So given to quality and Western culture was former Attorney General Charles Njonjo that he regularly imported apples, oranges, juices and toys for his family, the Judicial Commission of Inquiry probing him was told.

Between 1966 and 1972, every month, Njonjo’s official driver Kabucho Wakori picked one suitcase from the airport, laden with fruits for the then senior bachelor’s personal use.

Then on November 20, 1972 Njonjo married the love of his life, Margaret Bryson, and the suitcases increased to “two or three a month”, according to the driver’s testimony at the inquiry.

In the new regime, the content of Njonjo’s suitcases, said to have measured 26 inches in length, 18 inches in width and 7.5 inches in depth, changed slightly to include toys.

Between 1972 and 1983 when he fell from grace, Njonjo’s illiterate driver had made so many trips to the airport to collect these suitcases that he became friends with airport taxi drivers who assisted in reading out stuff for him.

From the airport, the suitcases would be driven straight to Njonjo’s home from where they would be emptied, and sent back to their origin to fetch more stuff for the next month.

Kabucho told the inquiry that when going back, the smaller suitcases would be put inside the bigger ones for ease of travel.

But toys are not all that Njonjo brought into the country. In fact, the evidence adduced at the inquiry put doubt as to whether the suitcases were all about apples and oranges.

“Njonjo’s extra heavy baggage,” screamed the main headline of The Standard of January 19, 1984.

Sometimes in May 1980, Njonjo’s friend originally called Lim Poo Hin but who later changed his name to Yani Haryanto and his accomplices brought into the country a large amount of ammunition and 17 firearms.
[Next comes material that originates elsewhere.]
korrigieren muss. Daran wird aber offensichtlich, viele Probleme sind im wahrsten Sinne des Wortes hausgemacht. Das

Kabucho, using Njonjo’s Mercedes Benz car registration number KVD 710, went to the airport to fetch them. As the Haryantos lounged in the VIP room chatting with the country’s Chief Licensing Officer of the Central Firearms Bureau Douglas Alan Walker, Kabucho sneaked the cache out of the airport.
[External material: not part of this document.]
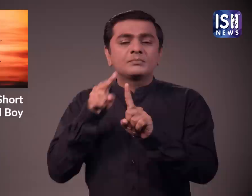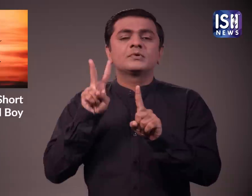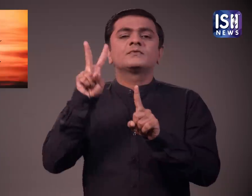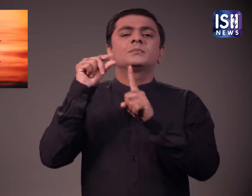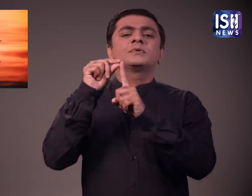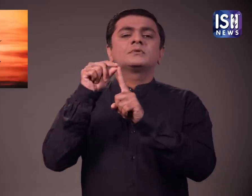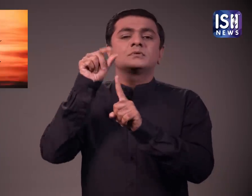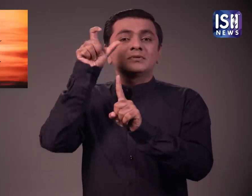कहा

The inquiry would later talk of “unpardonable incompetence” on the part of Walker who followed the cache to Haryantos’ home on Lenana Road and issued their import licences there. When he appeared before the commission, Walker could not recall how many guns he saw nor did he bother to compare the guns imported and the ones he was issuing licences to.

“I regret I cannot explain it. I simply accepted what they produced as the firearms they had imported. I accepted their own declaration about it,” he said.

Before leaving the Haryantos’ home, however, Walker and Kabucho walked away with two guns as gifts. Yet he claimed before the commission that he did not render any special service to the Haryantos to warrant a gift of that kind.

Again on the night of March 31, 1981, a large consignment brought in by two American friends of Njonjo- Kent Crane and a Theodore and declared as “food for Njonjo, and fishing rods and camping equipment” was found to have been guns when inspected.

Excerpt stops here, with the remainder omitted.